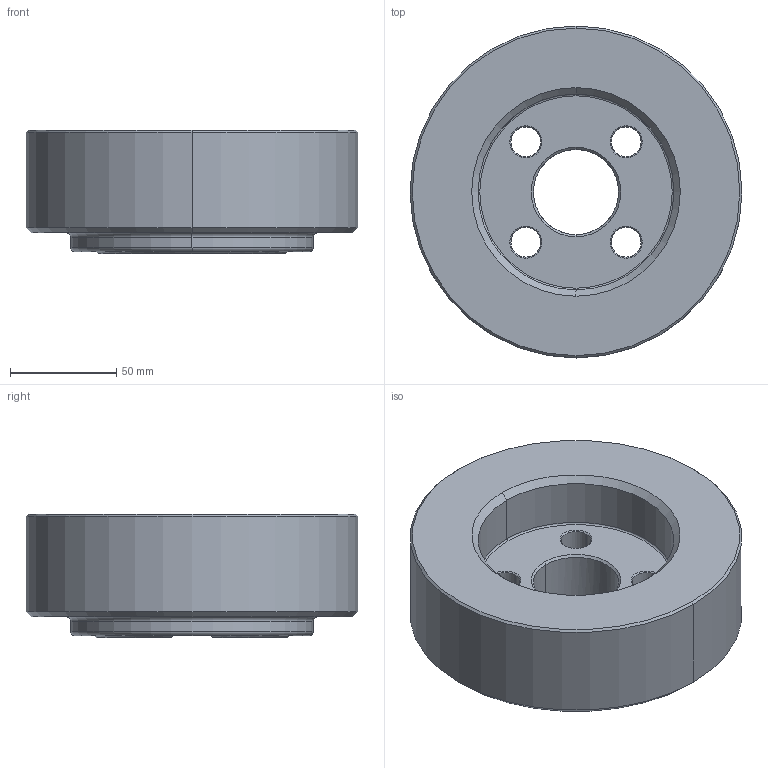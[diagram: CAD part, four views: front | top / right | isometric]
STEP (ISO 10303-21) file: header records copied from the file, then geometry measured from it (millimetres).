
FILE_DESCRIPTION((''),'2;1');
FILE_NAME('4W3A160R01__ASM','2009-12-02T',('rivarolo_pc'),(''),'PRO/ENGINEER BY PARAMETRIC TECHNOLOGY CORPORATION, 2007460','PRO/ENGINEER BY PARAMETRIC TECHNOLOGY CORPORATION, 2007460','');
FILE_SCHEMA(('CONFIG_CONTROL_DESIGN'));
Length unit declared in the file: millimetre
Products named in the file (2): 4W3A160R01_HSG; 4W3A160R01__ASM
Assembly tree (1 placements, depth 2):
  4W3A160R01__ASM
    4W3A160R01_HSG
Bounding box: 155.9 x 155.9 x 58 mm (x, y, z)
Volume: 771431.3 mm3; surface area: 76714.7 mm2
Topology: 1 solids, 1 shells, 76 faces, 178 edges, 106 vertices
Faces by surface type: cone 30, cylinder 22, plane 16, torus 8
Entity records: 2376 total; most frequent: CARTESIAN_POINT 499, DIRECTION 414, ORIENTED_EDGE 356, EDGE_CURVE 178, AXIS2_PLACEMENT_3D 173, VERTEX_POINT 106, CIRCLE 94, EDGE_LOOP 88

══════════════════════════════

- Brief -
What is needed is an exact copy of the data, without any pictures.

- Solved exercise -
[diagram: CAD part, four views: front | top / right | isometric]
STEP (ISO 10303-21) file: header records copied from the file, then geometry measured from it (millimetres).
FILE_DESCRIPTION((''),'2;1');
FILE_NAME('4W3A160R01__ASM','2009-12-02T',('rivarolo_pc'),(''),'PRO/ENGINEER BY PARAMETRIC TECHNOLOGY CORPORATION, 2007460','PRO/ENGINEER BY PARAMETRIC TECHNOLOGY CORPORATION, 2007460','');
FILE_SCHEMA(('CONFIG_CONTROL_DESIGN'));
Length unit declared in the file: millimetre
Products named in the file (2): 4W3A160R01_HSG; 4W3A160R01__ASM
Assembly tree (1 placements, depth 2):
  4W3A160R01__ASM
    4W3A160R01_HSG
Bounding box: 155.9 x 155.9 x 58 mm (x, y, z)
Volume: 771431.3 mm3; surface area: 76714.7 mm2
Topology: 1 solids, 1 shells, 76 faces, 178 edges, 106 vertices
Faces by surface type: cone 30, cylinder 22, plane 16, torus 8
Entity records: 2376 total; most frequent: CARTESIAN_POINT 499, DIRECTION 414, ORIENTED_EDGE 356, EDGE_CURVE 178, AXIS2_PLACEMENT_3D 173, VERTEX_POINT 106, CIRCLE 94, EDGE_LOOP 88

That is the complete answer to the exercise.